3. **Access the Dashboard:**
* Open the `task_dashboard.php` file in your web browser (e.g., `http://localhost/task_dashboard.php`).
4. **Functionality:**
* **Add Task:** Fill in the form and click "Add Task". The task will be added to the database and displayed in the task list. A success/error message will be shown.
* **Update Task Status:** Use the dropdown to change the status of a task. The change is saved to the database immediately via AJAX.
* **Delete Task:** Click the "Delete" button next to a task. A confirmation dialog will appear. If you confirm, the task will be deleted from the database and removed from the task list.
* The task list is automatically refreshed when a new task is added.
**Key Improvements and Explanations:**
* **Clearer AJAX Handling:** The PHP code now correctly handles different AJAX requests using the `action` parameter in the `$_POST` data. This makes the code more organized and easier to maintain. It checks for `addTask`, `updateTaskStatus`, and `deleteTask` actions.
* **Error Handling:** The AJAX calls now have better error handling. If the PHP script returns an error, it will display an alert message to the user. Also includes `onerror` handlers for network issues. The PHP script now uses `echo` to send back a "success" or "error" message, which the JavaScript then uses to update the UI.

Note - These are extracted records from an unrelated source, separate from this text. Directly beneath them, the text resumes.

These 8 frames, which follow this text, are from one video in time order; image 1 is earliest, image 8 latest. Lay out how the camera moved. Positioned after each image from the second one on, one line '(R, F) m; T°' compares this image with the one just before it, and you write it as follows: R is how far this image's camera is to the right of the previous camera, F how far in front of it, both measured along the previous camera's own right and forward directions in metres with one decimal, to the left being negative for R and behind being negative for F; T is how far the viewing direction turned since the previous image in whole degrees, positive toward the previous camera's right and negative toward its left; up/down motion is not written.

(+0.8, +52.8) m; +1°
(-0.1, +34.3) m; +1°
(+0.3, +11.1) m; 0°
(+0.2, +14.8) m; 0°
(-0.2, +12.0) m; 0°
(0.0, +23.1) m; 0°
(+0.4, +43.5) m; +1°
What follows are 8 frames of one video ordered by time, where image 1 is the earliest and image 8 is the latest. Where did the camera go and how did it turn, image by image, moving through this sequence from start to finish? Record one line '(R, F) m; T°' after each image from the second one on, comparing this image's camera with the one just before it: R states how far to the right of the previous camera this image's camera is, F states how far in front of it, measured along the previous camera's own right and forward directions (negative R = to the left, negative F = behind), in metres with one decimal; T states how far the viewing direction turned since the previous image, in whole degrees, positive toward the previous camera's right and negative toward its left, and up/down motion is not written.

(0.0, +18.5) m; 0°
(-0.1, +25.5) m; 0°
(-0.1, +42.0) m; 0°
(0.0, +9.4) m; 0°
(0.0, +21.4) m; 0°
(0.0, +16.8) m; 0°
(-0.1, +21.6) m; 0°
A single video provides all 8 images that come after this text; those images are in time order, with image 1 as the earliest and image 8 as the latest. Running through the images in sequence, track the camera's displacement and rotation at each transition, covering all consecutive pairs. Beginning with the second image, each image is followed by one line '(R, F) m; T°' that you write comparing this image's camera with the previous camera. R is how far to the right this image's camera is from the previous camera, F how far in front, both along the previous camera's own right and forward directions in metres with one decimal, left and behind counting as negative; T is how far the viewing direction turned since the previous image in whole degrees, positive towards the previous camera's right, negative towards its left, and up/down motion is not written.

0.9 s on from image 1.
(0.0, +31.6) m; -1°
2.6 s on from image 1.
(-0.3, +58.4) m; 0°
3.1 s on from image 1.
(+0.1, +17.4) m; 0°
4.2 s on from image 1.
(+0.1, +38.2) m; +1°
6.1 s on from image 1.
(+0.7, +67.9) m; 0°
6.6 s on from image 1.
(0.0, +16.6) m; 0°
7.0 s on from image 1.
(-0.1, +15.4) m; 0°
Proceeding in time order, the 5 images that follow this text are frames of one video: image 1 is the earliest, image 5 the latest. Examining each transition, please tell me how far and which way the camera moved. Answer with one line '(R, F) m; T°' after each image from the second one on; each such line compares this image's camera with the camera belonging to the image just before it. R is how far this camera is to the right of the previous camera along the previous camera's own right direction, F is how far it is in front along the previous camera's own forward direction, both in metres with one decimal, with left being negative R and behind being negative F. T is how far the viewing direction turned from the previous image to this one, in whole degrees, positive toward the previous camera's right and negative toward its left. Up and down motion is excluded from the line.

* **Data Sanitization:** The code now uses `encodeURIComponent()` in the JavaScript when sending data to the server. This is important to correctly handle special characters in task names and descriptions, preventing issues with the AJAX requests. While not full SQL injection prevention, it handles URL encoding issues. **IMPORTANT:** For production, you *must* use prepared statements to prevent SQL injection vulnerabilities.
* **Complete Example:** The code is a complete, runnable example, including the HTML, CSS, JavaScript, and PHP code needed to create the task management dashboard.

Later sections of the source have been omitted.